Above left: Entry hole created on Space Shuttle Endeavour’s radiator panel by the impact of unknown space debris. Above right: An impact crater on one of the windows of the Space Shuttle Challenger following a collision with a paint chip. NASA
The Liability Convention establishes joint and several liability when there is more than one launching state. The existence of multiple launching states increases the available jurisdictions for disputes for orbital damage claims to be brought. In the absence of an international convention or other international legal regime providing a clear liability regime for damage caused by orbital debris, national laws will most likely be applied in respect of claims arising from private commercial space activities. Against this backdrop, the potential for different national laws and legal regimes to apply creates ample opportunity for parties (and their lawyers) to engage in extended argument over which jurisdiction is appropriate and which law should be applied.
In addition to the liability challenges raised, the lack of a clear mechanism for dispute resolution in the Liability Convention and the need to involve signatory nations to bring claims against other nations on behalf of private operators for whom they are responsible, has inevitably resulted in the Liability Convention not being commonly used or relied upon. There has yet to be a claim on the basis of damage occurring while in orbit. The Liability Convention has not been widely applied; the only instance of a formal claim arose out of the re-entry of a Russian spacecraft which caused radioactive debris to be scattered on Canadian territory. The claim was settled by diplomatic means.

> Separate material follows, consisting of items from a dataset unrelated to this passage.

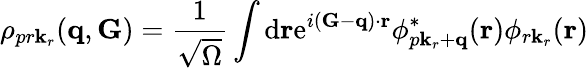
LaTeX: \rho_{pr\mathbf k_{r}}(\mathbf q,\mathbf G)=\frac{1}{\sqrt{\Omega}}\int\mathrm{d}\mathbf r\mathrm{{e}}^{i(\mathbf G-\mathbf q)\cdot\mathbf r}\phi_{p\mathbf k_{r}+\mathbf q}^{\ast}(\mathbf{r})\phi_{r\mathbf k_{r}}(\mathbf{r})
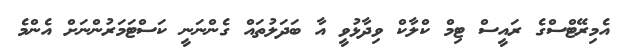
އެމިރޭޓްސްގެ ރައީސް ޓިމް ކްލާކް ވިދާޅުވީ އާ ބަދަލުތައް ގެންނަނީ ކަސްޓަމަރުންނަށް އެންމެ
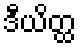
ဒီယိတ္ထ
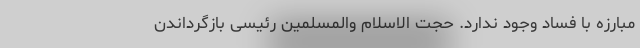
مبارزه با فساد وجود ندارد. حجت الاسلام والمسلمین رئیسی بازگرداندن
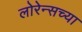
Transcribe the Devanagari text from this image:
लोरेन्सच्या
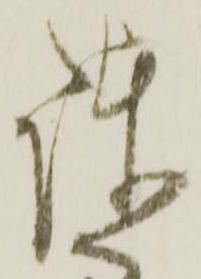
諫
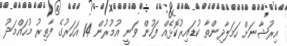
އިރުޝާނަށް ހަމަލާދިންތާ ކުޑައިރުކޮޅެއް ފަހުން ވަނީ އުމުރުން 14 އަހަރުގެ ފާތިރު މުހައްމަދު
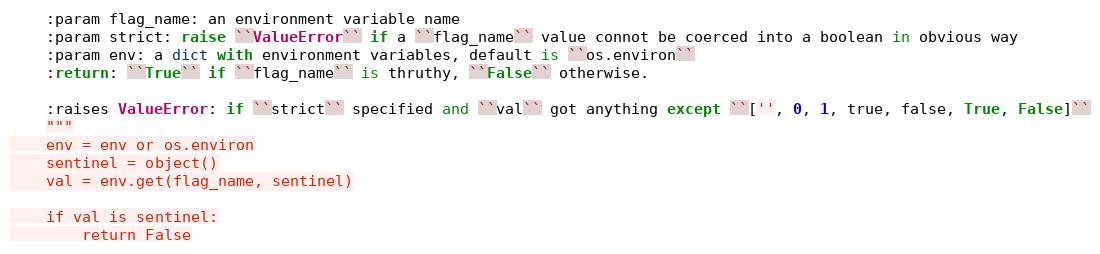
Language: Python
    :param flag_name: an environment variable name
    :param strict: raise ``ValueError`` if a ``flag_name`` value connot be coerced into a boolean in obvious way
    :param env: a dict with environment variables, default is ``os.environ``
    :return: ``True`` if ``flag_name`` is thruthy, ``False`` otherwise.

    :raises ValueError: if ``strict`` specified and ``val`` got anything except ``['', 0, 1, true, false, True, False]``
    """
    env = env or os.environ
    sentinel = object()
    val = env.get(flag_name, sentinel)

    if val is sentinel:
        return False
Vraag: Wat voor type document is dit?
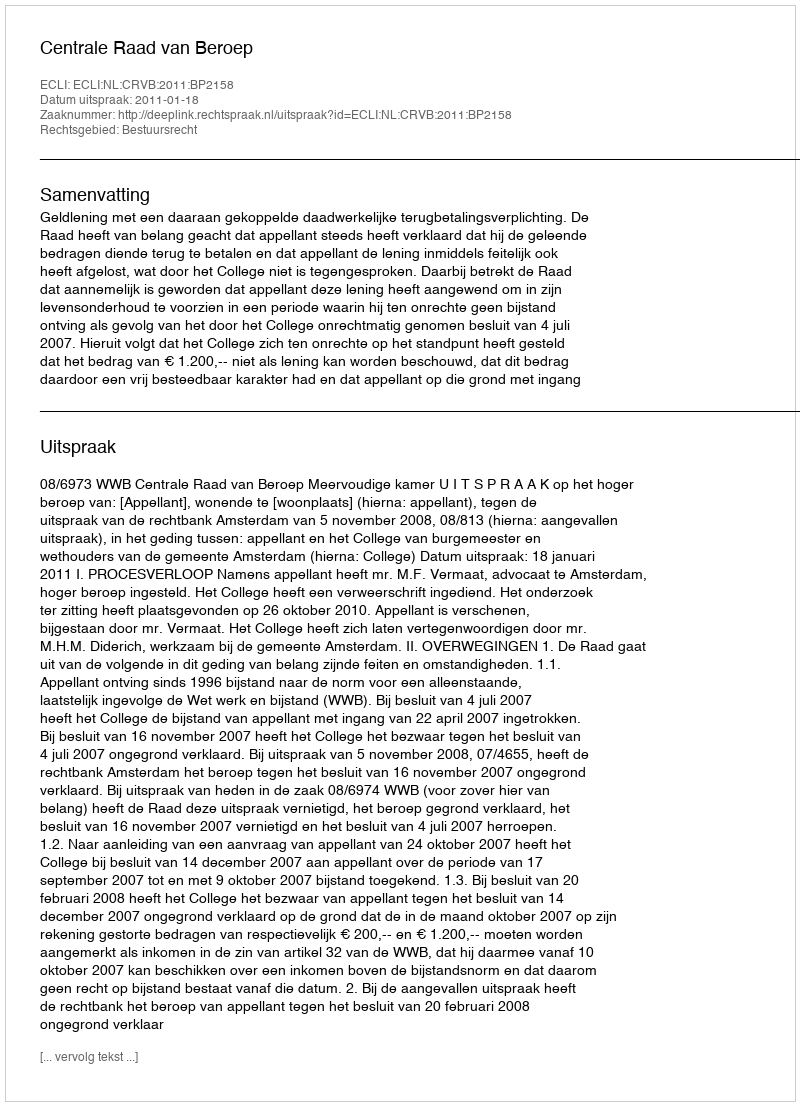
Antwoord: Uitspraak
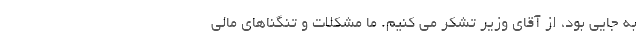
به جایی بود، از آقای وزیر تشکر می کنیم. ما مشکلات و تنگناهای مالی
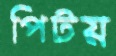
পিটয়
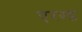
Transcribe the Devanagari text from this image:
एरण्ड
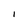
Character: I
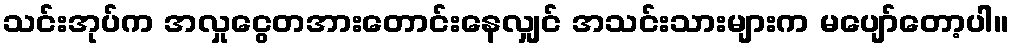
သင်းအုပ်က အလှုငွေတအားတောင်းနေလျှင် အသင်းသားများက မပျော်တော့ပါ။
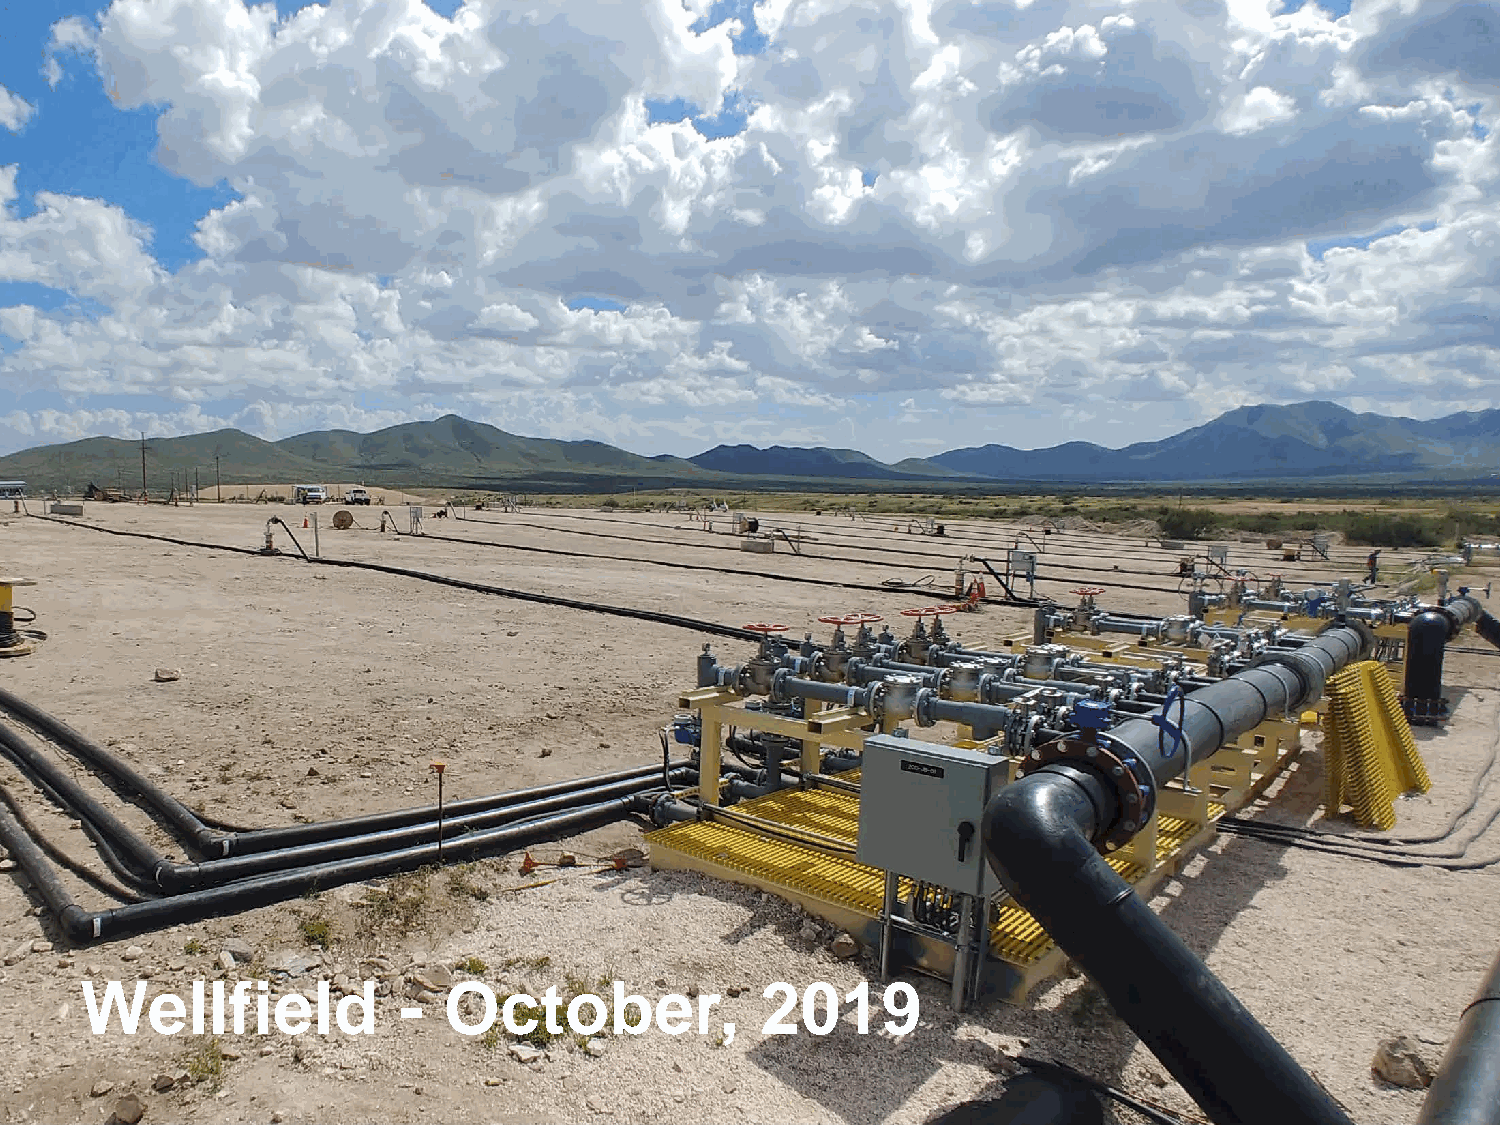
Wellfield            -  October,             2019
 13

The possibility of having numerous dispute resolution avenues and applicable laws raises the spectre of uncertainty, and a very significant barrier to enabling wider commercialisation of orbital space. Without an adequate legal international framework addressing the regulation of orbital debris and liability issues, an operator suffering loss in orbit will face very significant issues when seeking to recover compensation for damage caused by orbital debris. Such a regime may also provide for the cost of remediation of this arena for new commercial endeavour.
Conclusion
SPACE-FARING NATIONS MUST TAKE THE LEAD TO GARNER INTERNATIONAL CO-OPERATION ON THE DEVELOPMENT OF BINDING INTERNATIONAL LAWS AND POLICIES
As discussed above, the current legal regime is inadequate to address liability and complex issues related to space debris collision. The spacefaring nations must take the lead to garner international co-operation on the development of binding international laws and policies to address the growing space debris problem. Given the scale of the debris problem, any inaction will impact the long-term sustainability of space activities and fail to preserve Earth’s orbital space as the common heritage of all mankind.
The law (both international and domestic) in this growing area of interest remains untested and unclear and therefore, has the potential to be of great importance to current and future users of space. It is a topic that needs to be watched carefully and clarified for the benefit of all concerned.